The genus Lodoicea is placed in the subfamily Coryphoideae, Tribe and subtribe Borasseae Lataniinae within the family Arecaceae. The genus is monotypic, it consists of a single type Lodoicea maldivica. Her sister group may be the group of Borassodendron and Borassus.

In the World Checklist of Selected Plant Families of the Royal Botanic Gardens, Kew, just the way Lodoicea maldivica is recognized.

The genus was named after the French King Louis XV. named.

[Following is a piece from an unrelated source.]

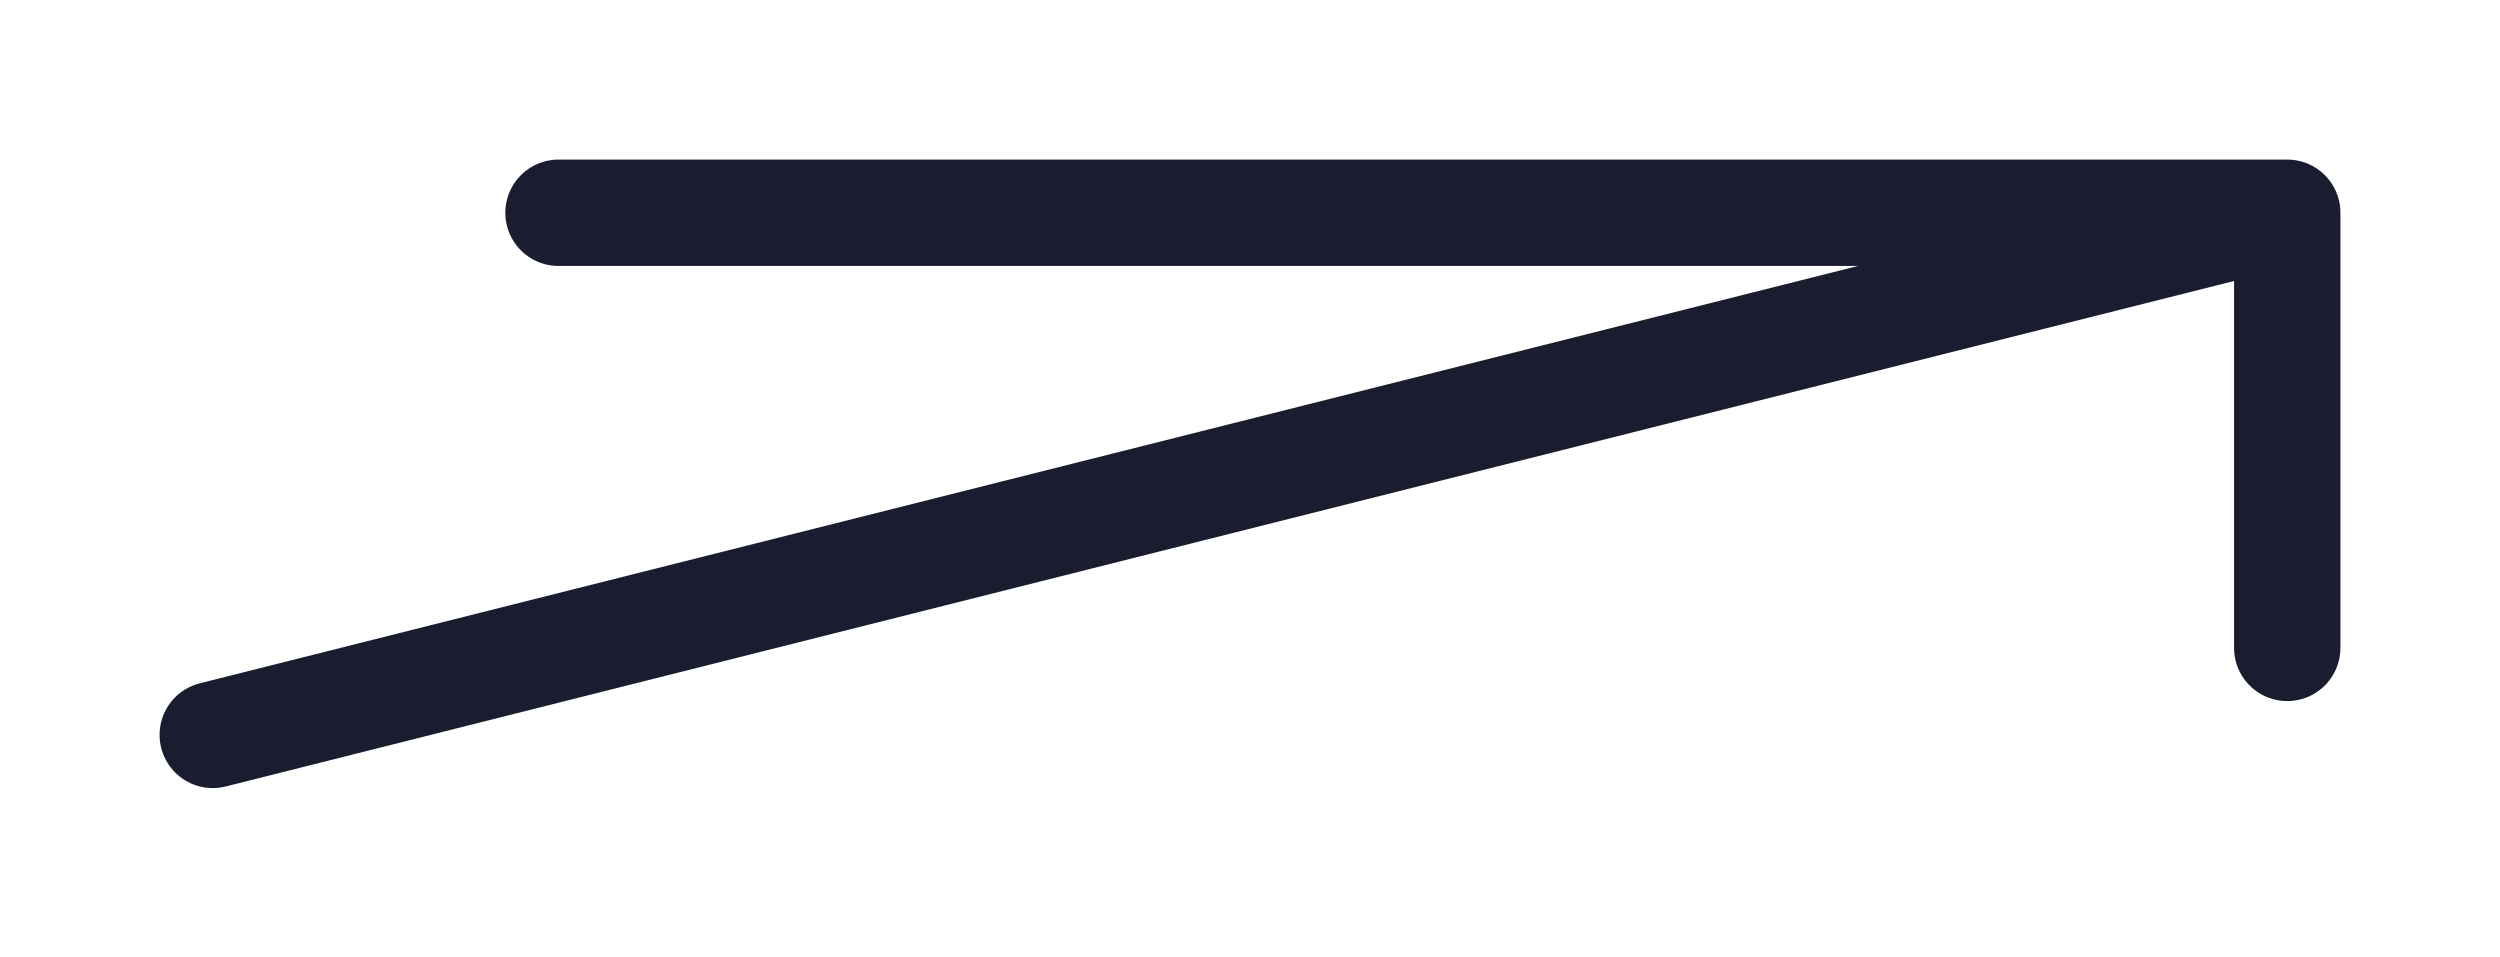 <?xml version="1.0" encoding="UTF-8"?> <svg xmlns="http://www.w3.org/2000/svg" width="47" height="18" viewBox="0 0 47 18" fill="none"> <path d="M10.5 4H43V12.18M43 4L4 13.816L43 4Z" stroke="#1A1D30" stroke-width="2" stroke-linecap="round" stroke-linejoin="round"></path> </svg>

The specific epithet maldivica refers to the Maldives and comes from a time when the seeds were known from the Maldives only from alluvial copies.

Use

The leaves are used locally for thatching and for weaving. Palisade and water troughs are produced from the wood. From the seeds Dinnerware is made. They are used as a vegetable product ivory. With the fluff of young leaves cushions are filled. The sale of the nuts to tourists is a significant source of income.

Documents

  • John Dransfield, Natalie W. Uhl, Conny B. Asmussen, William J. Baker, Madeline M. Harley, Carl E. Lewis: Genera palmarum. The Evolution and Classification of Palms. Second edition, Royal Botanic Gardens, Kew 2008, ISBN 978-1-84246-182-2, pp. 323-325.